- Kiedyś nasze prababki i babki potrafiły wykonać z masła piękne wielkanocne baranki. Dzięki konkursom wiele starszych kobiet przypomniało sobie tę umiejętność i przekazało swoim córkom i wnukom - cieszy dr Stanisława Trebunia-Staszel, etnograf z Uniwersytetu Jagiellońskiego.
Na konkurs w Białym Dunajcu zgłosiło się kilkadziesiąt najmłodszych górali. Jury, pod przewodnictwem dr Staszel miało wiele pracy. Dodatkowym punktem dla każdego uczestniczka był strój góralski.
- Bardzo mnie cieszy to podtrzymywanie tradycji, dzieci będą wiedziały, co znajduje się w tradycyjnym święconym podhalańskim. Nie będzie pomyłek i nie trafią tam np. żadne króliczki i zajączki czekoladowe - podkreśla dr Staszel.
Laureatami XVIII Wielkanocnej Kosołecki w Białym Dunajcu zostali najmłodsi uczestnicy konkursu: Julia Dorula (2 lata), Marysia Walkosz (2,5 roku), Zuzia i Patrycja Jaróg (po 2,5 roku), Ani i Magdalenna Ślimak (po 3 lata).
Ponadto jury w składzie: przewodnicząca Stanisława Trebunia Staszel, ks. proboszcz Jan Dolasiński, Marianna Łukaszczyk, Helena Świder, Józefa Wrzesień po obejrzeniu 38 koszyczków postanowiło przyznać także nagrody za najpiękniejsze „Kosołecki”, które otrzymali: Marysia Sobańska, Asia Waliczek, Weronika Rzepka, Kacper Jaróg, Wojtuś Bafia, Zuzanna Pawlikowska, Wiktoria, Weronika i Paweł Długi, Madzia Cachro, Michał Pańszczyk , Ania Cudzich, Wiktoria i Natalia Karciarz, Łukasz i Jaś Kosteccy, Ola Waliczek, Michał Para, Zuzia Pawlikowska, Michał Szaflarski, Roksana Gil, Natalia Walkosz, Lidia Dzierzęga, Marta Majerczyk, Zofia Majerczyk, Kasia Pańszczyk, Patrycja Gąsienica, Natalia Pawlikowska, Weronika Pańszczyk, Jaś Pańszczyk, Franuś Kasprzak Kuros, Anna Sobańska, Marcin Kułach.

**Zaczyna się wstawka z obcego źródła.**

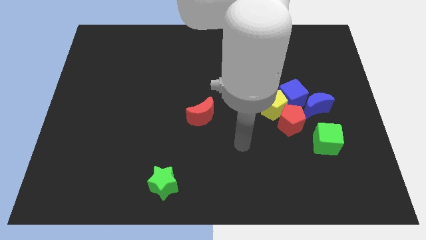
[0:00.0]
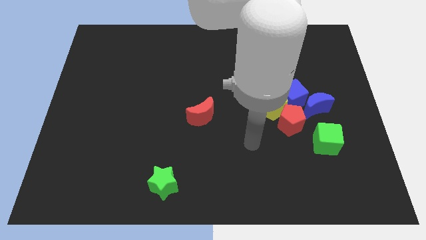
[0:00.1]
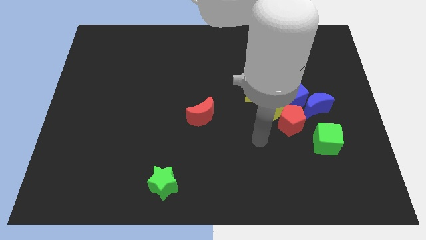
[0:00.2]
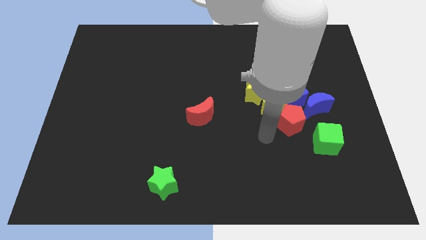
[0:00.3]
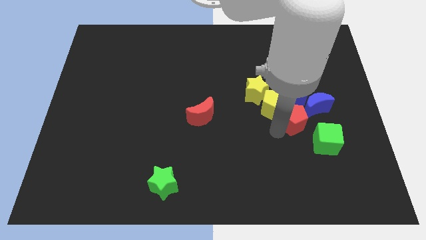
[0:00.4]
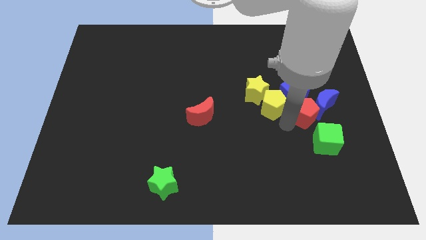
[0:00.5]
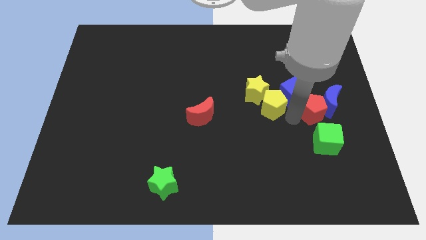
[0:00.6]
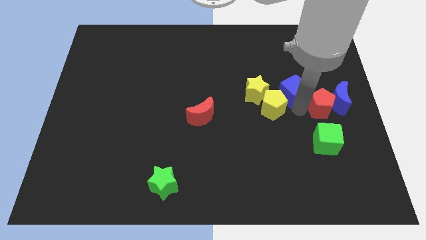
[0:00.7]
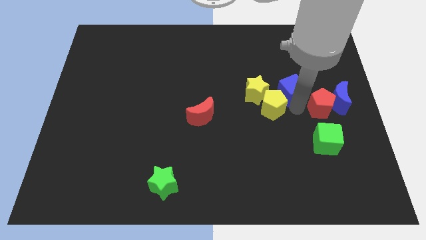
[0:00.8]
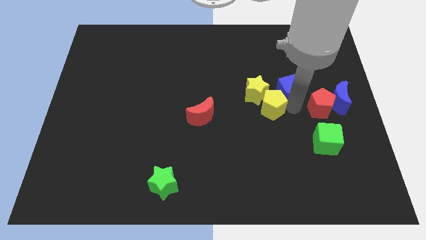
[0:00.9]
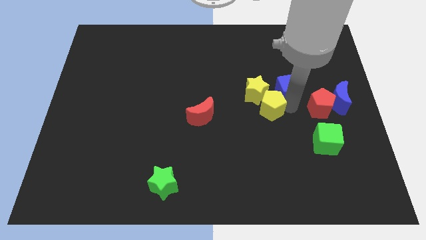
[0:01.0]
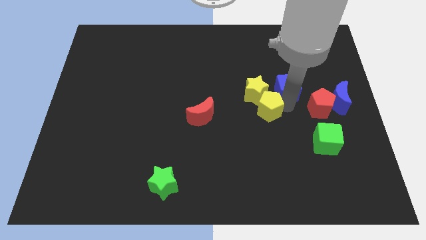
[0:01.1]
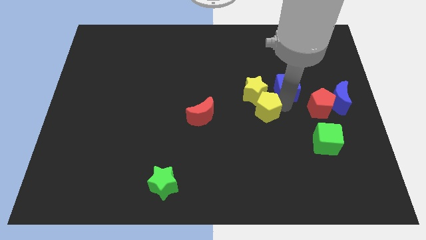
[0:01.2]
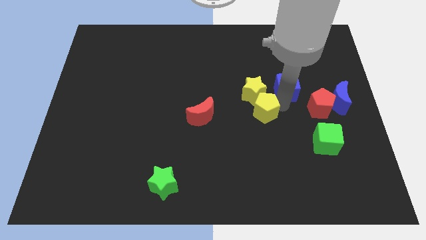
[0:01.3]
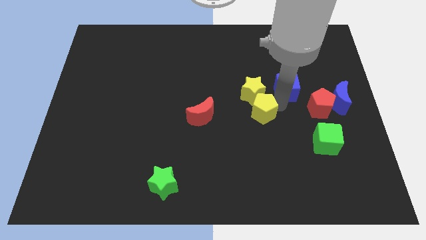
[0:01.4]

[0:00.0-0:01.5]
pull the yellow pentagon apart from the group

Konkurs na "Wielkanocną Kosołeckę" odbył się też w witowiańskiej parafii księży salezjanów. Przewodniczącą jury była Kazimiera Bzdyk, a organizatorem Gminny Ośrodek Kultury w Kościelisku. I miejsce zajęła Julia Granat z Witowa.

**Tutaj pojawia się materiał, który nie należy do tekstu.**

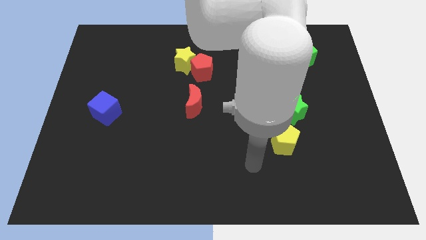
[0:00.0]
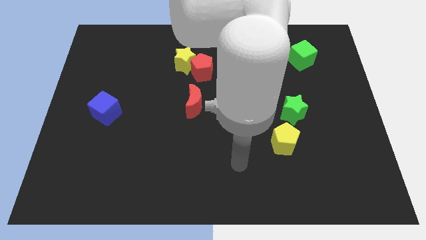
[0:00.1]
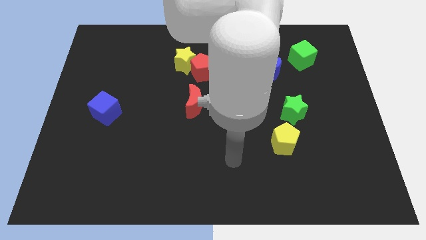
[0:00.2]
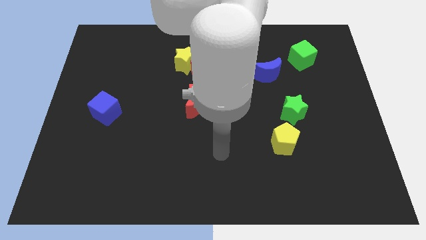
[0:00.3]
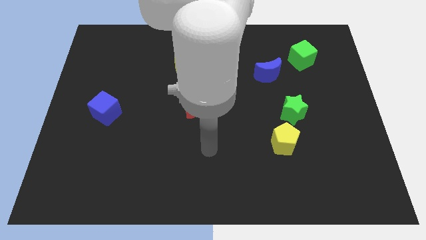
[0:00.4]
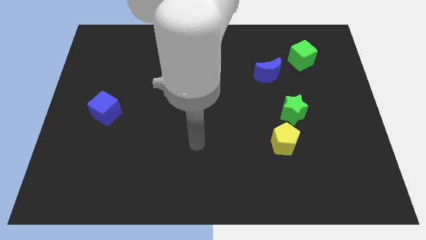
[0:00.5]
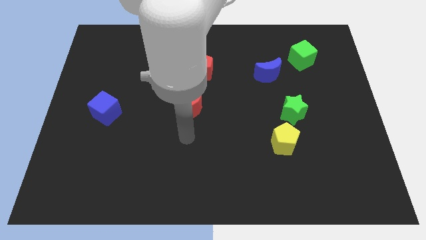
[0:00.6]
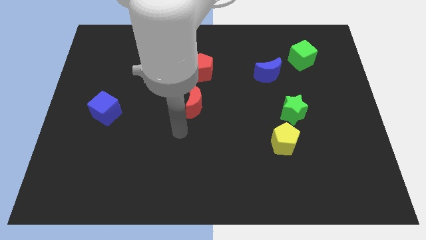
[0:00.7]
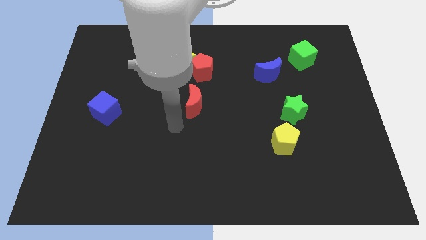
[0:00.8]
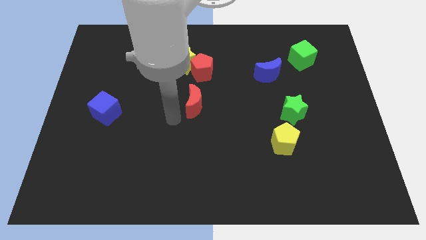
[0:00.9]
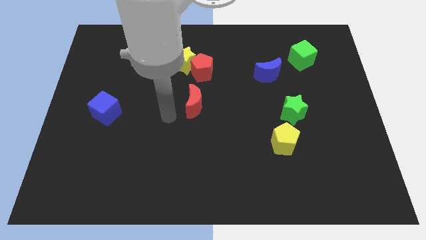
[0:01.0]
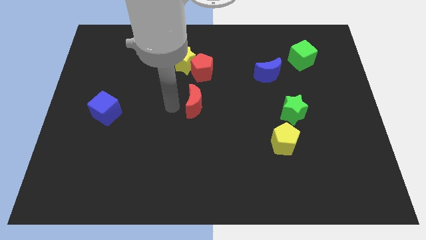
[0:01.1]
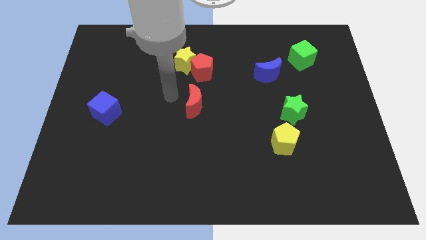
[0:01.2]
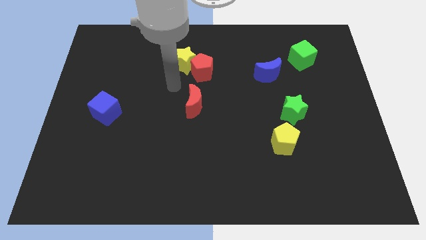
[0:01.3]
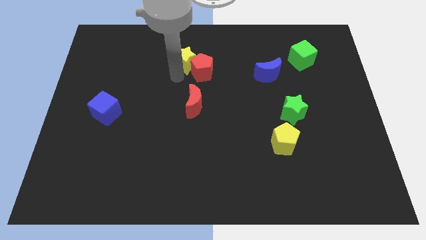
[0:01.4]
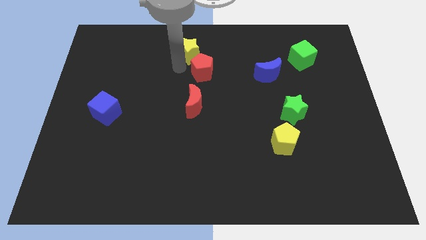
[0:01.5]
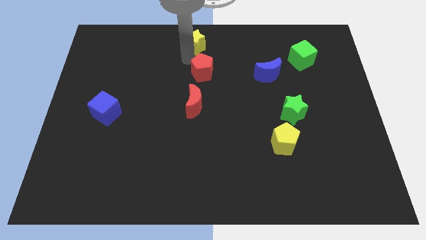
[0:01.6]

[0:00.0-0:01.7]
move the red pentagon away from the yellow star

Zanim jury zabrało się do pracy, w pięknym drewnianym witowiańskim kościele zostały poświęcone pokarmy przyniesione przez górali i turystów.
Czas świąteczny na Podhalu przebiega w zimowych warunkach. Co jakiś czas pada śnieg, słońce pojawia się tylko momentami. W niektórych miejscach warunki na drogach są bardzo trudne, np. w okolicach Zębu.